Parliamo delle sue ultime imprese. "Quando sono arrivato nella regione amazzonica dell’Ecuador ho chiesto dei Waorani, popolazione amerinda scoperta da bambino in un documentario che li chiamava col loro vecchio nome, Aucas. Mi è stato risposto che non ce n’erano più. Solo un vecchio campesino mi ha invitato a cercare, convinto che non si fossero estinti del tutto. Aveva ragione. L’anno successivo sono tornato e passando di fiume in fiume li ho trovati. Mi hanno accolto come un extraterrestre e sono rimasto esterrefatto nello scoprire che alcuni di loro hanno sei dita per mano e per piede".

Salute di ferro la sua. "Diciamo che ho ricevuto una buona eredità genetica. Mia nonna un giorno telefonò a mia madre dicendole che a 104 anni non le mancava niente, ma era stanca di vivere. Tempo un mese e non si svegliò più. Stessa cosa mia madre. A più di novant’anni. Mai fumato, mai drogato, non tocco alcol, mangio una volta al giorno, faccio palestra dall’età di 17 anni, sono cintura nera di karate 2° dan e ho fatto campionati di sci. Ma cerco soprattutto di mantenere le sinapsi in funzione".
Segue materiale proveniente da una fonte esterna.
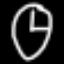
Label: clock
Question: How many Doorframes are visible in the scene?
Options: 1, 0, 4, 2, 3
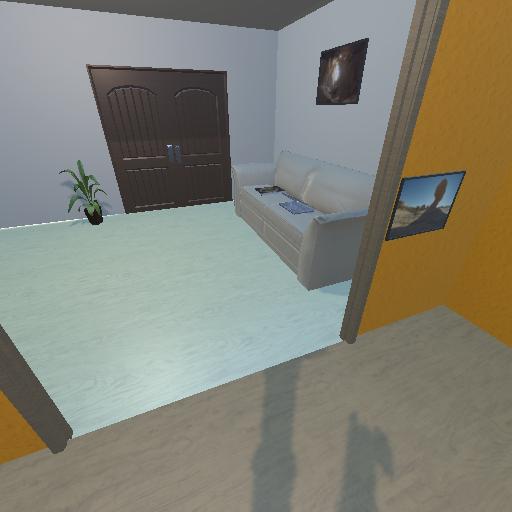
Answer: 1

Come? "Poca tv e tanta lettura. E poi lo studio: astrofisica e astronomia. Il nostro cervello è costituito da 80 miliardi di neuroni e 175 miliardi di sinapsi. Non puoi ringiovanire, ma rallentare il processo di deperimento delle sinapsi, sì. Come? Riempiendoti la testa di nuovi progetti. Per questo continuo a fare concerti. E a scrivere libri".
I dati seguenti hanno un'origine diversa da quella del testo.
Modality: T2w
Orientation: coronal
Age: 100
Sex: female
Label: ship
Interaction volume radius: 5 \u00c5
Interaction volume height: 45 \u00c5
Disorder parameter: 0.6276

Gli altri che prima o poi pubblicherà? "Un romanzo tipo Giulio Verne intitolato ‘Storia di una Cinquecento’ che racconta un viaggio al centro della terra. Ma sto scrivendo pure ‘Una vita d’avventura, la mia’, autobiografia che mi racconta dall’età di 4 anni. Il terzo titolo nel cassetto è ‘In viaggio con Siddartha’, romanzo che parte dalle pagine di Hesse per raccontare per raccontare gli Anni 60 di un ragazzo che, dopo una giovinezza passata tra le quattro mura di casa, decide di andarsene alla scoperta del mondo".
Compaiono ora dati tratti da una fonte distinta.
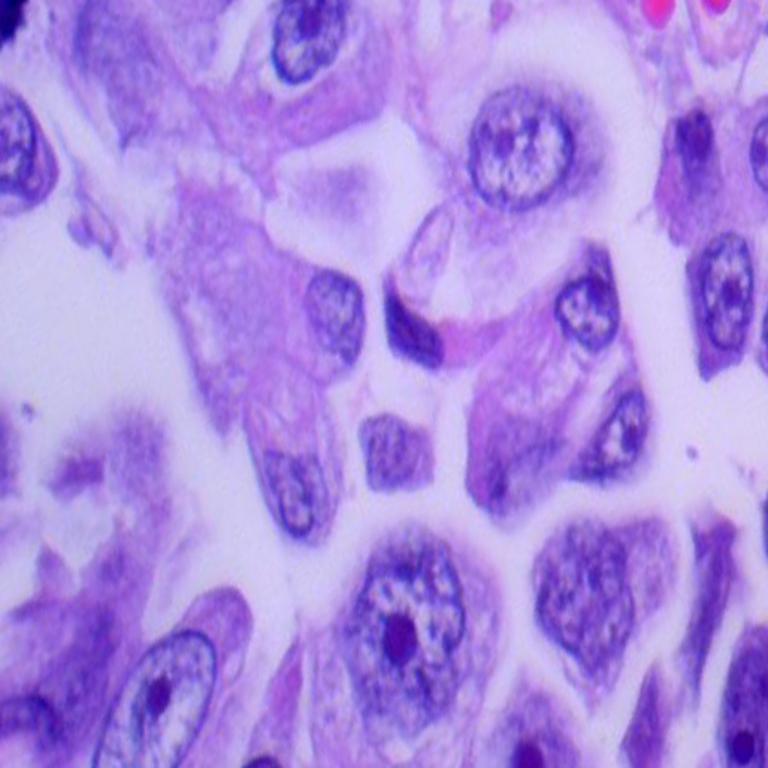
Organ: lung
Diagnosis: adenocarcinomas

E nella sua dui scoperta del mondo che ruolo ha avuto l’ultraterreno? "Non ho il beneficio della fede, ma nella mia filosofia personale ho inserito il dubbio. Quel dubbio di cui parlano Socrate, Platone e Sant’Agostino. Ho letto i vangeli, i vangeli apocrifi, una parte della Bibbia, che trovo un libro terribile, il Corano. Reputo Gesù Cristo un grande personaggio, il Che Guevara dei suoi tempi, ucciso per aver detto qualcosa di rivoluzionario: siamo tutti uguali. Come diceva una grande scienziata quale Margherita Hack: è inutile avere un concetto religioso se non hai una morale. Io nella mia vita un concetto religioso non ce l’ho, ma una morale sì".